───── ENTRIES PROVIDED

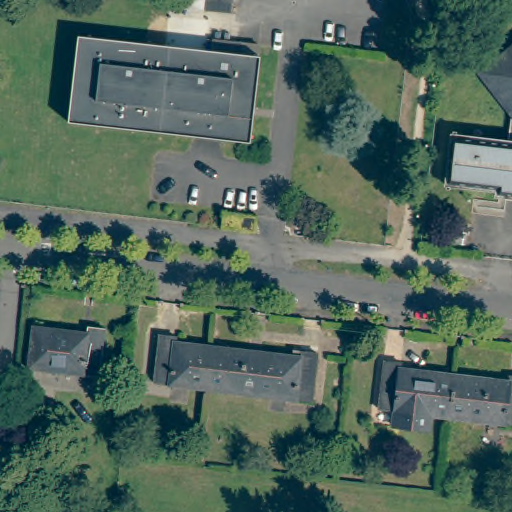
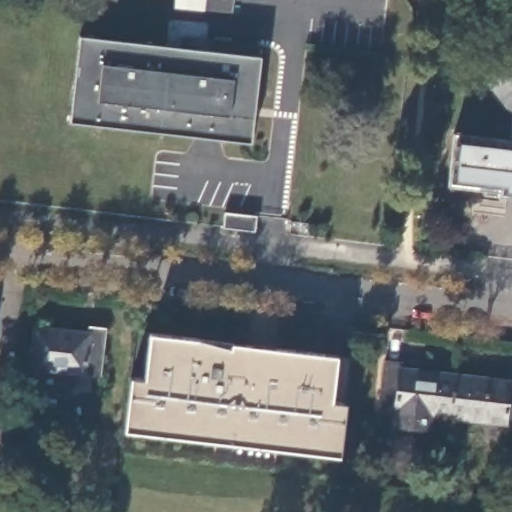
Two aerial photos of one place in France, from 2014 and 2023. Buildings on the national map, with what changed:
unchanged [(210,0),(235,0),(235,4),(209,1),(210,0)]
unchanged [(69,121),(79,35),(211,52),(212,41),(260,48),(248,144),(69,121)]
unchanged [(491,70),(489,67),(512,47),(512,101),(488,73),(491,70)]
unchanged [(499,192),(449,186),(456,133),(511,140),(512,132),(512,198),(498,197),(499,192)]
unchanged [(222,227),(223,213),(257,217),(255,231),(222,227)]
unchanged [(29,369),(33,327),(87,333),(87,327),(104,329),(99,376),(29,369)]
new [(229,347),(229,342),(337,355),(351,358),(346,402),(340,456),(123,430),(129,377),(144,378),(150,333),(197,339),(229,347)]
demolished [(247,372),(226,369),(224,390),(153,382),(159,334),(176,336),(175,341),(250,350),(247,372)]
demolished [(301,356),(301,350),(320,353),(313,400),(224,390),(226,369),(247,372),(250,350),(301,356)]
unchanged [(446,416),(425,414),(422,431),(392,427),(394,410),(375,407),(381,360),(398,362),(398,368),(451,374),(446,416)]
unchanged [(505,375),(512,376),(512,424),(446,416),(451,374),(504,381),(505,375)]

──────────

- [TASK BRIEF]:
The reply must hold each line of the records verbatim and no pictures.

- [RESULT OF THE EXERCISE]:
Two aerial photos of one place in France, from 2014 and 2023. Buildings on the national map, with what changed:
unchanged [(210,0),(235,0),(235,4),(209,1),(210,0)]
unchanged [(69,121),(79,35),(211,52),(212,41),(260,48),(248,144),(69,121)]
unchanged [(491,70),(489,67),(512,47),(512,101),(488,73),(491,70)]
unchanged [(499,192),(449,186),(456,133),(511,140),(512,132),(512,198),(498,197),(499,192)]
unchanged [(222,227),(223,213),(257,217),(255,231),(222,227)]
unchanged [(29,369),(33,327),(87,333),(87,327),(104,329),(99,376),(29,369)]
new [(229,347),(229,342),(337,355),(351,358),(346,402),(340,456),(123,430),(129,377),(144,378),(150,333),(197,339),(229,347)]
demolished [(247,372),(226,369),(224,390),(153,382),(159,334),(176,336),(175,341),(250,350),(247,372)]
demolished [(301,356),(301,350),(320,353),(313,400),(224,390),(226,369),(247,372),(250,350),(301,356)]
unchanged [(446,416),(425,414),(422,431),(392,427),(394,410),(375,407),(381,360),(398,362),(398,368),(451,374),(446,416)]
unchanged [(505,375),(512,376),(512,424),(446,416),(451,374),(504,381),(505,375)]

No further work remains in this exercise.